Nombre d’entreprises ont déjà une grosse infrastructure informatique préexistante. L’hybridation peut être une solution. Néanmoins cela nécessite de gérer son stockage On Prem’, celui du cloud et de s’assurer de la bonne synchronisation de l’ensemble. L’hybride entraîne un surcoût en services et en personnel.

Jean Gaillard de Nomalab s’insurge : « L’hybride c’est trois fois les emmerdes : maintenir le stockage On Prem’, maintenir le cloud et maintenir la synchronisation. Pourquoi s’embêter à vérifier la synchro ? Le prestataire cloud le fait pour toi. » Mais la migration totale dans le cloud représente un sacré défi.

 

Le cloud pour sa puissance de calcul et son stockage temporaire

Dernière option : conserver ses assets (vidéo, audio, graphiques, montages…) dans ses locaux et utiliser le cloud pour sa puissance de traitement. Ainsi l’entreprise SDVI propose des services de traitement audio et vidéo 100 % cloud. Les contenus sont purgés une fois traités.

Dans les médias, il est devenu courant que les journalistes montent leurs reportages dans le cloud via une connexion Internet alors que les fichiers audio/vidéo sont stockés sur les serveurs dans l’entreprise.

Continuons à suivre notre processus (le workflow !) : après l’acquisition et la postproduction, voici la diffusion.

 

DIFFUSION ET DISTRIBUTION VIDEO : LE CLOUD EST OMNIPRESENT

La diffusion vidéo et audio passe par Internet, donc par le cloud. Tout l’enjeu est de décider à quel moment envoyer ses contenus dans le cloud.

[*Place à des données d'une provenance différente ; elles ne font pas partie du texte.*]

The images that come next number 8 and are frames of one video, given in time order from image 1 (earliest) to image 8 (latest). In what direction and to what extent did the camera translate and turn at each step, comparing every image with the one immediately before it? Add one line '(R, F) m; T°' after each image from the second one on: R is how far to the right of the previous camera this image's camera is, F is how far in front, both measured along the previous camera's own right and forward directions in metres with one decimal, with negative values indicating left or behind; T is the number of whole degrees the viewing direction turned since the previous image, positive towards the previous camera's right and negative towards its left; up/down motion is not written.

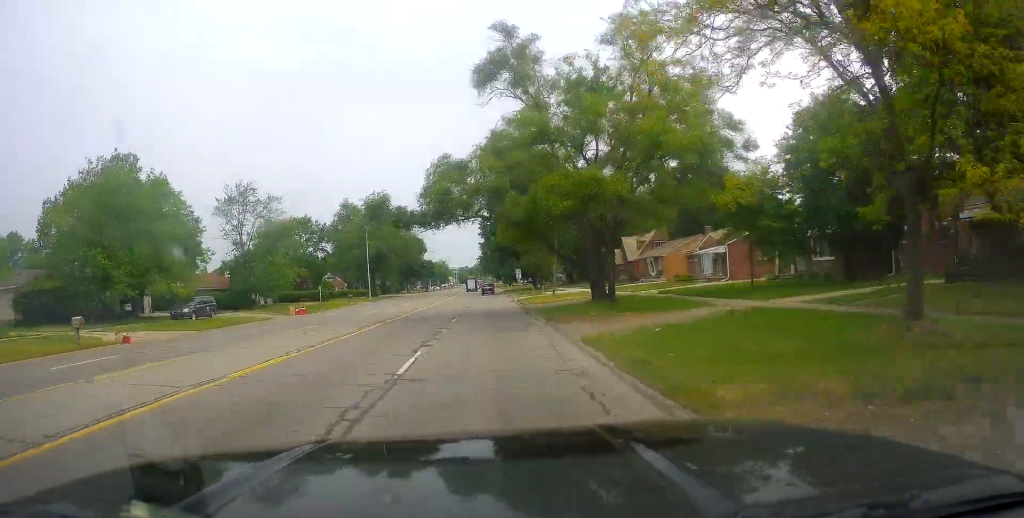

Il y a plusieurs approches :

1) Envoyer le master du programme audiovisuel, puis créer les différentes versions du contenu ;

2) Conserver le master chez soi et envoyer seulement les versions aux différents acteurs qui distribuent le programme. Le stockage dans le cloud se transforme en cache (mémoire temporaire). Une fois diffusés, les programmes sont purgés ou bien archivés… dans le cloud ? Laurent Mairet indique : « Le premier cas d’usage du cloud pour les médias c’est le Disaster Recovery pour le playout ». En d’autres termes, il s’agit de sécuriser dans le cloud la diffusion d’une chaîne TV (playout). On bascule vers le signal vidéo produit dans le cloud en cas d’incident.

Pourquoi aller dans le cloud ? Pour avoir de moins en moins d’infrastructure, donc moins de coûts associés. Mais attention aux coûts cachés. En clair : relisez bien les petites lignes du contrat de service du cloud.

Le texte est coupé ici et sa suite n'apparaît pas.